[[ Data under study open ]]

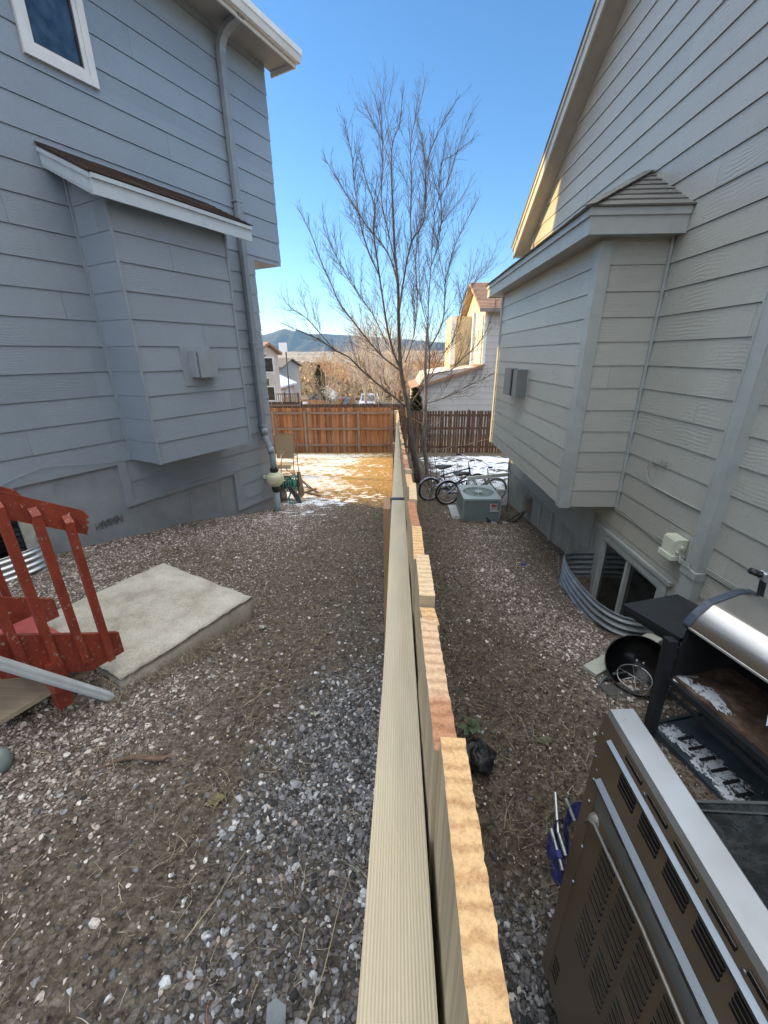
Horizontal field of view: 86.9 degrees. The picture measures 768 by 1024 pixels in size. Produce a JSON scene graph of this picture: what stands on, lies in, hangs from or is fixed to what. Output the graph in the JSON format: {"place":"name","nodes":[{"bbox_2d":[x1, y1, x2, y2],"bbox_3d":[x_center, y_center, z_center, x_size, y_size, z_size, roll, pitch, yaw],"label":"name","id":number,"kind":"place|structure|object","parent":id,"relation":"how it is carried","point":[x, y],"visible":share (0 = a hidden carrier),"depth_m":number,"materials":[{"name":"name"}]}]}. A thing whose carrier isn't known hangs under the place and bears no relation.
{"place":"outdoors","nodes":[
{"label":"outdoors","id":0,"kind":"place"},
{"bbox_2d":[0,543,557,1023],"bbox_3d":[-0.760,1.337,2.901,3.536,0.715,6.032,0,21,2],"label":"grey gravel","id":1,"kind":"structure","parent":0,"point":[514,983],"depth_m":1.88,"materials":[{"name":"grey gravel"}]},
{"bbox_2d":[276,452,392,500],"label":"lawn grass","id":2,"kind":"structure","parent":0,"point":[354,470],"depth_m":12.86,"materials":[{"name":"yellow plant"}]},
{"bbox_2d":[262,329,444,351],"bbox_3d":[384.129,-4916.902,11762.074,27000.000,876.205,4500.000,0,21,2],"label":"mountains","id":3,"kind":"structure","parent":0,"point":[295,341],"depth_m":11619.64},
{"bbox_2d":[0,350,764,1023],"bbox_3d":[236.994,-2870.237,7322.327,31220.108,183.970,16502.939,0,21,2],"label":"ground","id":4,"kind":"structure","parent":0,"point":[60,1006],"depth_m":2.33,"materials":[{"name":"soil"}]},
{"bbox_2d":[0,746,13,773],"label":"plastic object","id":5,"kind":"object","parent":4,"relation":"on","point":[6,760],"visible":0.87,"depth_m":2.25,"materials":[{"name":"white plastic"}]},
{"bbox_2d":[0,656,114,701],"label":"downspout extension","id":6,"kind":"object","parent":4,"relation":"on","point":[14,667],"visible":0.94,"depth_m":2.46,"materials":[{"name":"grey paint"}]},
{"bbox_2d":[0,486,123,724],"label":"stairs","id":7,"kind":"structure","parent":4,"relation":"on","point":[29,636],"depth_m":2.56,"materials":[{"name":"red paint"}]},
{"bbox_2d":[99,753,169,768],"bbox_3d":[-1.452,1.440,2.369,0.370,0.046,0.074,-4,21,-9],"label":"bark strip","id":8,"kind":"object","parent":4,"relation":"on","point":[139,756],"visible":1,"depth_m":2.36,"materials":[{"name":"wood"}]},
{"bbox_2d":[47,563,253,687],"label":"concrete slab","id":9,"kind":"structure","parent":4,"relation":"on","point":[154,616],"depth_m":3.61,"materials":[{"name":"grey concrete"}]},
{"bbox_2d":[0,0,301,558],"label":"house","id":10,"kind":"structure","parent":4,"relation":"on","point":[139,241],"depth_m":4.97,"materials":[{"name":"blue"}]},
{"bbox_2d":[0,520,38,558],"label":"window","id":11,"kind":"structure","parent":10,"relation":"in","point":[26,538],"depth_m":4.60,"materials":[{"name":"black glass"}]},
{"bbox_2d":[0,533,47,580],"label":"window well","id":12,"kind":"object","parent":10,"relation":"attached to","point":[34,559],"depth_m":4.31,"materials":[{"name":"metal"}]},
{"bbox_2d":[10,0,99,90],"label":"window","id":13,"kind":"structure","parent":10,"relation":"in","point":[54,33],"depth_m":4.16,"materials":[{"name":"white paint"}]},
{"bbox_2d":[184,853,244,940],"bbox_3d":[-0.703,1.617,1.723,0.016,0.046,0.350,8,23,20],"label":"twig","id":14,"kind":"object","parent":4,"relation":"on","point":[210,906],"visible":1,"depth_m":1.66,"materials":[{"name":"brown wood"}]},
{"bbox_2d":[206,792,224,806],"bbox_3d":[-0.894,1.528,2.145,0.082,0.020,0.082,7,22,18],"label":"weed","id":15,"kind":"object","parent":4,"relation":"on","point":[218,797],"visible":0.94,"depth_m":2.15,"materials":[{"name":"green plant"}]},
{"bbox_2d":[263,342,281,404],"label":"house","id":16,"kind":"structure","parent":4,"relation":"on","point":[271,352],"depth_m":30.33,"materials":[{"name":"white paint"}]},
{"bbox_2d":[264,357,274,372],"bbox_3d":[-7.676,-9.807,26.986,0.700,1.000,0.080,0,21,2],"label":"window","id":17,"kind":"structure","parent":16,"relation":"in","point":[269,361],"depth_m":26.95,"materials":[{"name":"white paint"}]},
{"bbox_2d":[267,386,276,400],"bbox_3d":[-7.739,-8.088,27.655,0.700,1.000,0.080,0,21,2],"label":"window","id":18,"kind":"structure","parent":16,"relation":"in","point":[271,389],"depth_m":27.61,"materials":[{"name":"white paint"}]},
{"bbox_2d":[266,998,286,1023],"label":"flagstone","id":19,"kind":"object","parent":4,"relation":"on","point":[276,1010],"visible":1,"depth_m":1.37,"materials":[{"name":"stone"}]},
{"bbox_2d":[278,343,290,401],"bbox_3d":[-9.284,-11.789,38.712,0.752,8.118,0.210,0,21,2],"label":"basketball hoop","id":20,"kind":"object","parent":4,"relation":"on","point":[282,347],"visible":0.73,"depth_m":37.42,"materials":[{"name":"grey plastic"}]},
{"bbox_2d":[269,401,302,436],"bbox_3d":[-6.519,-4.340,21.579,4.600,2.980,0.080,0,21,2],"label":"fence","id":21,"kind":"object","parent":4,"relation":"on","point":[297,405],"visible":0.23,"depth_m":21.07,"materials":[{"name":"brown wood"}]},
{"bbox_2d":[274,433,298,474],"bbox_3d":[-2.954,-1.618,11.998,0.688,1.305,0.652,0,21,2],"label":"patio chair","id":22,"kind":"object","parent":4,"relation":"on","point":[284,443],"visible":0.81,"depth_m":12.14,"materials":[{"name":"beige fabric"}]},
{"bbox_2d":[280,375,296,401],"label":"house","id":23,"kind":"structure","parent":4,"relation":"on","point":[284,384],"depth_m":45.67,"materials":[{"name":"white paint"}]},
{"bbox_2d":[278,358,301,401],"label":"house","id":24,"kind":"structure","parent":4,"relation":"on","point":[293,368],"depth_m":55.20,"materials":[{"name":"grey paint"}]},
{"bbox_2d":[276,392,307,407],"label":"deck","id":25,"kind":"structure","parent":4,"relation":"on","point":[297,393],"depth_m":31.15,"materials":[{"name":"wood"}]},
{"bbox_2d":[280,472,304,503],"bbox_3d":[-2.054,-0.549,8.857,0.538,0.652,0.803,-3,21,-7],"label":"hose reel","id":26,"kind":"object","parent":4,"relation":"on","point":[293,486],"visible":0.79,"depth_m":8.79,"materials":[{"name":"green plastic"}]},
{"bbox_2d":[276,451,311,487],"bbox_3d":[-2.235,-1.026,10.084,1.113,0.948,0.421,0,21,2],"label":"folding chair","id":27,"kind":"object","parent":4,"relation":"on","point":[280,463],"visible":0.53,"depth_m":10.08,"materials":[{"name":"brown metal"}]},
{"bbox_2d":[298,354,310,382],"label":"bare tree","id":28,"kind":"object","parent":4,"relation":"on","point":[304,367],"visible":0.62,"depth_m":80.28,"materials":[{"name":"brown plant"}]},
{"bbox_2d":[227,454,391,528],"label":"snow patches","id":29,"kind":"object","parent":4,"relation":"on","point":[316,500],"visible":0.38,"depth_m":11.89,"materials":[{"name":"white snow"}]},
{"bbox_2d":[300,359,324,390],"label":"bare tree","id":30,"kind":"object","parent":4,"relation":"on","point":[301,363],"visible":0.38,"depth_m":60.94,"materials":[{"name":"brown plant"}]},
{"bbox_2d":[304,487,321,496],"bbox_3d":[-1.647,-0.477,9.490,0.478,0.117,0.304,7,22,18],"label":"scrap wood","id":31,"kind":"object","parent":4,"relation":"on","point":[311,493],"visible":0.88,"depth_m":9.48,"materials":[{"name":"brown wood"}]},
{"bbox_2d":[279,342,349,404],"bbox_3d":[-3.803,-7.525,25.718,5.266,6.691,4.279,-18,27,-37],"label":"bare tree","id":32,"kind":"object","parent":4,"relation":"on","point":[326,388],"visible":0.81,"depth_m":25.89,"materials":[{"name":"brown plant"}]},
{"bbox_2d":[300,399,331,403],"bbox_3d":[-6.362,-9.690,39.306,0.124,3.734,12.183,1,21,5],"label":"fence","id":33,"kind":"object","parent":4,"relation":"on","point":[313,401],"visible":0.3,"depth_m":37.66,"materials":[{"name":"orange wood"}]},
{"bbox_2d":[308,365,332,400],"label":"evergreen tree","id":34,"kind":"object","parent":4,"relation":"on","point":[318,372],"visible":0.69,"depth_m":43.90,"materials":[{"name":"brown plant"}]},
{"bbox_2d":[307,387,337,400],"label":"shed","id":35,"kind":"structure","parent":4,"relation":"on","point":[310,397],"depth_m":56.79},
{"bbox_2d":[309,347,338,385],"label":"bare tree","id":36,"kind":"object","parent":4,"relation":"on","point":[322,361],"visible":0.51,"depth_m":88.97,"materials":[{"name":"brown plant"}]},
{"bbox_2d":[306,872,350,1023],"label":"twig","id":37,"kind":"object","parent":4,"relation":"on","point":[325,962],"visible":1,"depth_m":1.49,"materials":[{"name":"brown wood"}]},
{"bbox_2d":[313,351,346,386],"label":"bare tree","id":38,"kind":"object","parent":4,"relation":"on","point":[331,366],"visible":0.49,"depth_m":71.07,"materials":[{"name":"brown plant"}]},
{"bbox_2d":[270,407,397,452],"bbox_3d":[-2.723,-3.444,17.592,6.641,2.138,0.130,0,21,2],"label":"fence","id":39,"kind":"object","parent":4,"relation":"on","point":[378,437],"visible":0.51,"depth_m":17.54,"materials":[{"name":"orange wood"}]},
{"bbox_2d":[329,397,351,404],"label":"parked car","id":40,"kind":"object","parent":4,"relation":"on","point":[345,400],"visible":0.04,"depth_m":41.81,"materials":[{"name":"paint"}]},
{"bbox_2d":[332,338,350,376],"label":"bare tree","id":41,"kind":"object","parent":4,"relation":"on","point":[339,360],"visible":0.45,"depth_m":103.18,"materials":[{"name":"brown plant"}]},
{"bbox_2d":[333,357,353,390],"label":"bare tree","id":42,"kind":"object","parent":4,"relation":"on","point":[343,372],"visible":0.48,"depth_m":62.62,"materials":[{"name":"brown plant"}]},
{"bbox_2d":[334,397,353,407],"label":"fence","id":43,"kind":"object","parent":4,"relation":"on","point":[351,401],"visible":0.3,"depth_m":43.58,"materials":[{"name":"orange wood"}]},
{"bbox_2d":[328,357,361,403],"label":"bare tree","id":44,"kind":"object","parent":4,"relation":"on","point":[354,395],"visible":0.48,"depth_m":49.68,"materials":[{"name":"brown plant"}]},
{"bbox_2d":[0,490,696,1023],"bbox_3d":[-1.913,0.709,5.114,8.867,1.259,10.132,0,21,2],"label":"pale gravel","id":45,"kind":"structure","parent":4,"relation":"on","point":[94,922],"depth_m":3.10,"materials":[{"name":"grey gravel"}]},
{"bbox_2d":[4,484,699,927],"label":"dry grass tufts","id":46,"kind":"object","parent":4,"relation":"on","point":[162,668],"visible":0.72,"depth_m":2.86,"materials":[{"name":"plant"}]},
{"bbox_2d":[300,404,404,434],"bbox_3d":[-1.618,-4.672,24.004,6.460,3.375,0.024,0,21,2],"label":"fence","id":47,"kind":"object","parent":4,"relation":"on","point":[364,406],"visible":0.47,"depth_m":23.47,"materials":[{"name":"brown wood"}]},
{"bbox_2d":[339,330,365,376],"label":"bare tree","id":48,"kind":"object","parent":4,"relation":"on","point":[352,355],"visible":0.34,"depth_m":70.09,"materials":[{"name":"brown plant"}]},
{"bbox_2d":[336,296,385,403],"bbox_3d":[-1.959,-15.331,39.490,4.840,11.429,6.725,-14,25,-31],"label":"bare tree","id":49,"kind":"object","parent":4,"relation":"on","point":[362,376],"visible":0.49,"depth_m":39.09,"materials":[{"name":"brown plant"}]},
{"bbox_2d":[287,353,443,362],"bbox_3d":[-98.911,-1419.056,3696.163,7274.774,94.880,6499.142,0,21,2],"label":"town buildings","id":50,"kind":"structure","parent":4,"relation":"on","point":[345,360],"depth_m":3655.63,"materials":[{"name":"beige"}]},
{"bbox_2d":[299,360,443,401],"bbox_3d":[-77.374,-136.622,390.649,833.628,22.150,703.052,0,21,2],"label":"brush","id":51,"kind":"object","parent":4,"relation":"on","point":[302,380],"visible":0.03,"depth_m":68.99,"materials":[{"name":"brown plant"}]},
{"bbox_2d":[344,308,404,405],"bbox_3d":[-0.578,-13.009,36.005,4.840,11.429,6.725,8,23,22],"label":"bare tree","id":52,"kind":"object","parent":4,"relation":"on","point":[375,368],"visible":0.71,"depth_m":35.50,"materials":[{"name":"brown plant"}]},
{"bbox_2d":[369,350,397,401],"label":"bare tree","id":53,"kind":"object","parent":4,"relation":"on","point":[385,378],"visible":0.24,"depth_m":57.38,"materials":[{"name":"brown plant"}]},
{"bbox_2d":[374,340,403,381],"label":"bare tree","id":54,"kind":"object","parent":4,"relation":"on","point":[387,358],"visible":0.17,"depth_m":78.48,"materials":[{"name":"brown plant"}]},
{"bbox_2d":[274,60,511,482],"bbox_3d":[0.237,-4.911,9.427,5.399,9.066,2.518,0,21,2],"label":"bare tree","id":55,"kind":"object","parent":4,"relation":"on","point":[399,296],"visible":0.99,"depth_m":9.24,"materials":[{"name":"brown plant"}]},
{"bbox_2d":[372,306,417,406],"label":"bare tree","id":56,"kind":"object","parent":4,"relation":"on","point":[394,385],"visible":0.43,"depth_m":42.11,"materials":[{"name":"plant"}]},
{"bbox_2d":[381,352,415,402],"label":"bare tree","id":57,"kind":"object","parent":4,"relation":"on","point":[397,390],"visible":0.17,"depth_m":53.18,"materials":[{"name":"brown plant"}]},
{"bbox_2d":[383,347,418,376],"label":"bare tree","id":58,"kind":"object","parent":4,"relation":"on","point":[407,360],"visible":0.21,"depth_m":65.41,"materials":[{"name":"brown plant"}]},
{"bbox_2d":[396,345,421,392],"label":"bare tree","id":59,"kind":"object","parent":4,"relation":"on","point":[410,365],"visible":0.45,"depth_m":58.21,"materials":[{"name":"brown plant"}]},
{"bbox_2d":[394,350,427,394],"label":"bare tree","id":60,"kind":"object","parent":4,"relation":"on","point":[417,370],"visible":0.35,"depth_m":45.45,"materials":[{"name":"brown plant"}]},
{"bbox_2d":[402,341,427,372],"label":"bare tree","id":61,"kind":"object","parent":4,"relation":"on","point":[419,352],"visible":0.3,"depth_m":92.94,"materials":[{"name":"brown plant"}]},
{"bbox_2d":[407,387,423,438],"bbox_3d":[1.741,-5.337,21.804,1.247,2.748,1.225,0,21,2],"label":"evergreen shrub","id":62,"kind":"object","parent":4,"relation":"on","point":[417,400],"visible":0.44,"depth_m":21.42,"materials":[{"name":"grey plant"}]},
{"bbox_2d":[390,418,449,501],"bbox_3d":[0.782,-0.971,8.449,1.542,1.942,0.938,0,21,2],"label":"sapling","id":63,"kind":"object","parent":4,"relation":"on","point":[430,495],"visible":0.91,"depth_m":8.48,"materials":[{"name":"brown plant"}]},
{"bbox_2d":[409,346,436,374],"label":"bare tree","id":64,"kind":"object","parent":4,"relation":"on","point":[422,360],"visible":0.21,"depth_m":73.04,"materials":[{"name":"brown plant"}]},
{"bbox_2d":[401,307,448,484],"bbox_3d":[0.982,-2.699,9.861,1.347,4.501,0.978,0,21,2],"label":"sapling","id":65,"kind":"object","parent":4,"relation":"on","point":[425,392],"visible":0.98,"depth_m":9.80,"materials":[{"name":"brown plant"}]},
{"bbox_2d":[421,340,444,368],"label":"bare tree","id":66,"kind":"object","parent":4,"relation":"on","point":[442,362],"visible":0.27,"depth_m":88.08,"materials":[{"name":"brown plant"}]},
{"bbox_2d":[356,410,512,1023],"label":"fence","id":67,"kind":"object","parent":4,"relation":"on","point":[430,951],"visible":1,"depth_m":0.28,"materials":[{"name":"brown wood"}]},
{"bbox_2d":[386,394,490,492],"bbox_3d":[1.463,-1.607,9.848,2.208,2.374,3.550,-7,22,-17],"label":"brush","id":68,"kind":"object","parent":4,"relation":"on","point":[426,467],"visible":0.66,"depth_m":10.28,"materials":[{"name":"brown plant"}]},
{"bbox_2d":[400,409,500,452],"bbox_3d":[3.862,-3.380,17.459,6.387,2.018,0.124,0,21,2],"label":"fence","id":69,"kind":"object","parent":4,"relation":"on","point":[469,432],"visible":0.38,"depth_m":17.40,"materials":[{"name":"brown wood"}]},
{"bbox_2d":[418,453,485,500],"bbox_3d":[1.542,-0.761,8.983,1.585,0.956,0.714,0,21,2],"label":"bicycle","id":70,"kind":"object","parent":4,"relation":"on","point":[439,467],"visible":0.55,"depth_m":8.86,"materials":[{"name":"metal"}]},
{"bbox_2d":[448,505,460,518],"bbox_3d":[1.705,0.104,7.760,0.860,0.168,0.950,0,21,2],"label":"concrete pad","id":71,"kind":"object","parent":4,"relation":"on","point":[453,510],"visible":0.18,"depth_m":7.83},
{"bbox_2d":[456,485,501,521],"bbox_3d":[1.757,-0.178,7.609,0.670,0.463,0.841,0,21,2],"label":"air conditioner","id":72,"kind":"object","parent":71,"relation":"on","point":[478,502],"visible":1,"depth_m":7.27,"materials":[{"name":"grey metal"}]},
{"bbox_2d":[408,282,501,433],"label":"house","id":73,"kind":"structure","parent":4,"relation":"on","point":[478,315],"depth_m":23.05,"materials":[{"name":"beige"}]},
{"bbox_2d":[421,456,508,491],"bbox_3d":[3.074,-1.276,12.862,3.840,0.914,7.680,0,21,2],"label":"snow cover","id":74,"kind":"object","parent":4,"relation":"on","point":[486,459],"visible":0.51,"depth_m":13.90,"materials":[{"name":"white snow"}]},
{"bbox_2d":[459,716,480,734],"bbox_3d":[0.537,1.330,2.497,0.137,0.070,0.133,0,21,2],"label":"weed","id":75,"kind":"object","parent":4,"relation":"on","point":[472,727],"visible":1,"depth_m":2.51,"materials":[{"name":"green plant"}]},
{"bbox_2d":[435,459,506,504],"bbox_3d":[1.847,-0.608,8.510,1.567,0.885,0.676,0,21,2],"label":"bicycle","id":76,"kind":"object","parent":4,"relation":"on","point":[452,482],"visible":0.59,"depth_m":8.42,"materials":[{"name":"metal"}]},
{"bbox_2d":[466,738,496,775],"bbox_3d":[0.548,1.395,2.352,0.195,0.078,0.200,10,24,26],"label":"plastic bag","id":77,"kind":"object","parent":4,"relation":"on","point":[481,754],"visible":0.88,"depth_m":2.31,"materials":[{"name":"black plastic"}]},
{"bbox_2d":[467,473,509,505],"bbox_3d":[2.119,-0.447,8.279,0.882,0.705,0.034,-3,21,-6],"label":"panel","id":78,"kind":"object","parent":4,"relation":"on","point":[490,476],"visible":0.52,"depth_m":8.19,"materials":[{"name":"white plastic"}]},
{"bbox_2d":[535,736,551,746],"bbox_3d":[0.995,1.417,2.514,0.077,0.017,0.088,18,28,39],"label":"weed","id":79,"kind":"object","parent":4,"relation":"on","point":[546,740],"visible":0.98,"depth_m":2.51,"materials":[{"name":"green plant"}]},
{"bbox_2d":[546,792,581,888],"bbox_3d":[0.857,1.538,1.891,0.174,0.112,0.396,10,24,25],"label":"camp chair","id":80,"kind":"object","parent":4,"relation":"on","point":[557,854],"visible":0.88,"depth_m":1.89,"materials":[{"name":"blue fabric"}]},
{"bbox_2d":[597,671,626,687],"bbox_3d":[1.833,1.242,3.114,0.551,0.044,0.061,-9,23,-20],"label":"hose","id":81,"kind":"object","parent":4,"relation":"on","point":[607,676],"visible":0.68,"depth_m":3.06,"materials":[{"name":"grey rubber"}]},
{"bbox_2d":[599,684,641,704],"bbox_3d":[1.713,1.313,2.921,0.291,0.024,0.178,14,25,33],"label":"dark plate","id":82,"kind":"object","parent":4,"relation":"on","point":[610,688],"visible":0.75,"depth_m":2.93,"materials":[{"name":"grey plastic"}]},
{"bbox_2d":[583,633,661,677],"bbox_3d":[1.990,1.167,3.350,0.906,0.053,0.115,-12,24,-27],"label":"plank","id":83,"kind":"object","parent":4,"relation":"on","point":[596,667],"visible":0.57,"depth_m":3.19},
{"bbox_2d":[485,0,767,644],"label":"house","id":84,"kind":"structure","parent":4,"relation":"on","point":[629,426],"depth_m":3.63,"materials":[{"name":"grey"}]},
{"bbox_2d":[486,511,524,523],"bbox_3d":[2.213,0.086,7.221,0.754,0.288,0.245,-4,22,-9],"label":"refrigerant line","id":85,"kind":"object","parent":84,"relation":"attached to","point":[522,513],"visible":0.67,"depth_m":7.21,"materials":[{"name":"black plastic"}]},
{"bbox_2d":[505,465,508,514],"bbox_3d":[2.462,-0.481,8.053,0.260,0.876,1.104,0,21,2],"label":"power cable","id":86,"kind":"object","parent":84,"relation":"hanging from","point":[508,487],"visible":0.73,"depth_m":8.02,"materials":[{"name":"black plastic"}]},
{"bbox_2d":[557,551,660,637],"bbox_3d":[2.248,1.155,4.350,0.525,0.968,1.382,0,21,2],"label":"window well","id":87,"kind":"object","parent":84,"relation":"attached to","point":[575,564],"depth_m":4.06,"materials":[{"name":"metal"}]},
{"bbox_2d":[589,522,673,617],"bbox_3d":[2.518,0.879,4.305,0.105,1.110,1.380,0,21,2],"label":"window","id":88,"kind":"structure","parent":84,"relation":"in","point":[619,575],"depth_m":4.32,"materials":[{"name":"grey paint"}]},
{"bbox_2d":[604,635,669,696],"bbox_3d":[1.869,1.140,2.991,0.406,0.348,0.393,0,21,2],"label":"kettle bowl","id":89,"kind":"object","parent":4,"relation":"on","point":[631,655],"visible":0.81,"depth_m":3.11,"materials":[{"name":"black metal"}]},
{"bbox_2d":[542,709,767,1023],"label":"gas grill","id":90,"kind":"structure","parent":4,"relation":"on","point":[660,915],"depth_m":0.88,"materials":[{"name":"metal"}]},
{"bbox_2d":[622,588,767,800],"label":"barbecue","id":91,"kind":"object","parent":4,"relation":"on","point":[722,648],"visible":0.99,"depth_m":2.29,"materials":[{"name":"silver metal"}]},
{"bbox_2d":[673,676,731,715],"bbox_3d":[1.825,1.022,2.296,0.152,0.016,0.322,-10,23,-24],"label":"snow patch","id":92,"kind":"object","parent":91,"relation":"on","point":[713,696],"visible":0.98,"depth_m":2.28,"materials":[{"name":"white snow"}]},
{"bbox_2d":[658,724,755,800],"bbox_3d":[1.862,1.438,2.340,0.216,0.007,0.561,-4,21,-9],"label":"snow patch","id":93,"kind":"object","parent":91,"relation":"on","point":[717,776],"visible":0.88,"depth_m":2.31,"materials":[{"name":"white snow"}]},
{"bbox_2d":[748,568,767,596],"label":"handle pole","id":94,"kind":"object","parent":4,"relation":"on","point":[761,576],"visible":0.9,"depth_m":2.34,"materials":[{"name":"black plastic"}]},
{"bbox_2d":[250,0,594,342],"label":"sky","id":95,"kind":"structure","parent":0,"point":[518,56],"materials":[{"name":"blue"}]},
{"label":"street","id":96,"kind":"structure","parent":0,"visible":0},
{"bbox_2d":[359,393,378,405],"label":"pickup truck","id":97,"kind":"object","parent":96,"relation":"on","point":[363,396],"visible":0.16,"depth_m":49.80,"materials":[{"name":"white paint"}]}
]}

[[ Data under study closed ]]

The answer must be every line of the records that contains the word "outdoors".

* _Finished task_
{"place":"outdoors","nodes":[
{"label":"outdoors","id":0,"kind":"place"},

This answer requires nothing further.